FIGURE 4.

Autophagy participates in progesterone production and lipid droplet metabolism upon FSH treatment in porcine GC mass. (A) Specific inhibitors of autophagy (chloroquine; 10 μM), PI3K/AKT (LY294002; 10 μM), and SAPK/JNK (SP600125; 10 μM) were added 1 h before treatment with 0.01 IU/mL FSH for 24 h in GC mass. The cells and culture medium were collected separately. The total proteins were extracted from the cells and quantified using the BCA method. The concentration of progesterone in the culture medium was analyzed using radioimmunoassay. The relative progesterone level in the culture medium was calculated as ng/μg protein. Different superscripts (a, b, c) indicate significant differences (P < 0.05) (B) Specific inhibitors of autophagy (chloroquine; 10 μM), PI3K/AKT (LY294002; 10 μM), and SAPK/JNK (SP600125; 10 μM) were added 1 h before treatment with 0.01 IU/ml FSH for 24 h in GC mass.

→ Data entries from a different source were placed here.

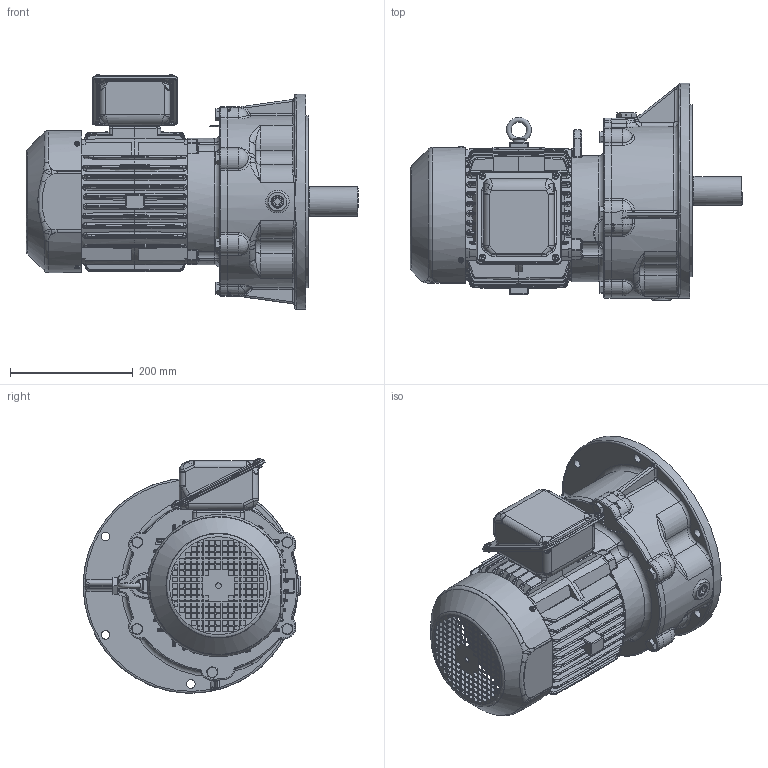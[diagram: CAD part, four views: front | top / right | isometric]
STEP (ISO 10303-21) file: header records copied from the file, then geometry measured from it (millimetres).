
FILE_DESCRIPTION (( 'STEP AP214' ), '1' );
FILE_NAME ('EK2DO07161H001_FVB_3.7kW_R5.stp', '2022-06-16T07:28:31', ( 'Windows 餌辨濠' ), ( '' ), 'SwSTEP 2.0', 'SolidWorks 2021', '' );
FILE_SCHEMA (( 'AUTOMOTIVE_DESIGN' ));
Length unit declared in the file: millimetre
Products named in the file (1): EK2DO07161H001_FVB_3.7kW_R5
Bounding box: 540 x 354 x 381.42 mm (x, y, z)
Volume: 19020982.4 mm3; surface area: 1305528.7 mm2
Topology: 27 solids, 28 shells, 3880 faces, 10205 edges, 6412 vertices
Faces by surface type: cylinder 1412, plane 1403, bspline 751, torus 165, cone 121, sphere 28
Full cylindrical faces by diameter (mm): 1.5 x1, 2.6 x4, 4.917 x8, 5 x7, 6 x4, 6.647 x12, 7 x12, 7.7 x1, 8 x8, 8.376 x14, 9 x4, 10 x9, 10.5 x4, 12 x6, 14 x6, 14.95 x4, 18 x2, 20 x1, 22 x1, 26 x1, 40 x1, 42 x1, 48 x1, 50 x2, 54.8 x1, 55 x1, 68 x1, 72 x2, 198 x2, 236 x1
Entity records: 194421 total; most frequent: CARTESIAN_POINT 61901, ORIENTED_EDGE 19704, DIRECTION 17086, EDGE_CURVE 9852, VERTEX_POINT 6318, AXIS2_PLACEMENT_3D 6213, LINE 4660, VECTOR 4660
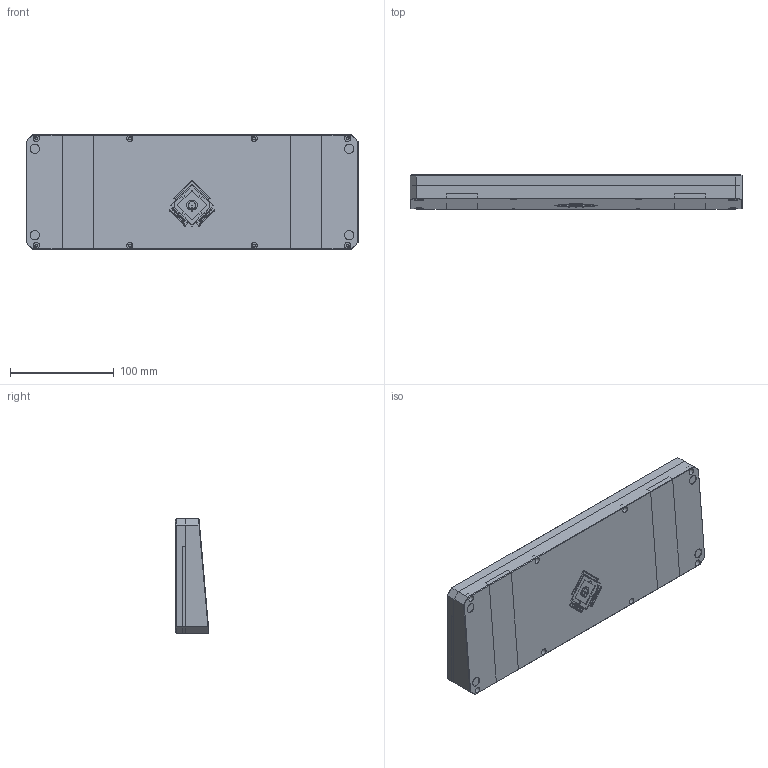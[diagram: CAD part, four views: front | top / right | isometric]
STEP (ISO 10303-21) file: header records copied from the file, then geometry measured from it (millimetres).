
FILE_DESCRIPTION(/* description */ (''),/* implementation_level */ '2;1');
FILE_NAME(/* name */ 'Fix 90 Degree.step',/* time_stamp */ '2020-04-09T02:41:22-07:00',/* author */ (''),/* organization */ (''),/* preprocessor_version */ 'ST-DEVELOPER v18',/* originating_system */ 'Autodesk Translation Framework v8.12.0.6',/* authorisation */ '');
FILE_SCHEMA (('AUTOMOTIVE_DESIGN { 1 0 10303 214 3 1 1 }'));
Length unit declared in the file: millimetre
Products named in the file (1): KBD67 MKII 5 Degree (v5~recovered)
Bounding box: 319.77 x 32.7 x 110.22 mm (x, y, z)
Volume: 526757.9 mm3; surface area: 182603.2 mm2
Topology: 5 solids, 5 shells, 1094 faces, 3078 edges, 2048 vertices
Faces by surface type: plane 588, cylinder 492, cone 14
Full cylindrical faces by diameter (mm): 1.623 x8, 2 x8, 2.529 x12, 3 x16, 6 x8, 9 x4
Entity records: 35995 total; most frequent: DIRECTION 6286, CARTESIAN_POINT 6221, ORIENTED_EDGE 6156, EDGE_CURVE 3078, AXIS2_PLACEMENT_3D 2113, LINE 2060, VECTOR 2060, VERTEX_POINT 2048

Total RNA was extracted from the cells, reverse transcribed to cDNA, and analyzed by real-time PCR with primers against beclin1, StAR, and P450scc. (C) Adherent granulosa cells of the porcine ovary were cultured in DMEM/F12 serum-free medium with or without oleic acid (0.5 mM) for 12 h, and then cultured in DMEM/F12 serum-free medium with FSH (0.01 IU/mL) or with FSH and OA (0.5 mM) for 24 h. β-actin, LC3-II, and Beclin 1 levels were detected by western blotting. (D) BODIPY 493/503 LD staining of adherent granulosa cells after treatment with OA and FSH; Hoechst 33342 staining of the cell nuclei, Bars: 30 μm. (E) The average number of LDs per granulosa cell in the OA and OA + FSH groups. (F) The average size of LDs per granulosa cell in the OA and OA + FSH groups. Five visual regions were used for statistics. ^∗, P < 0.05, ^∗∗, P < 0.01.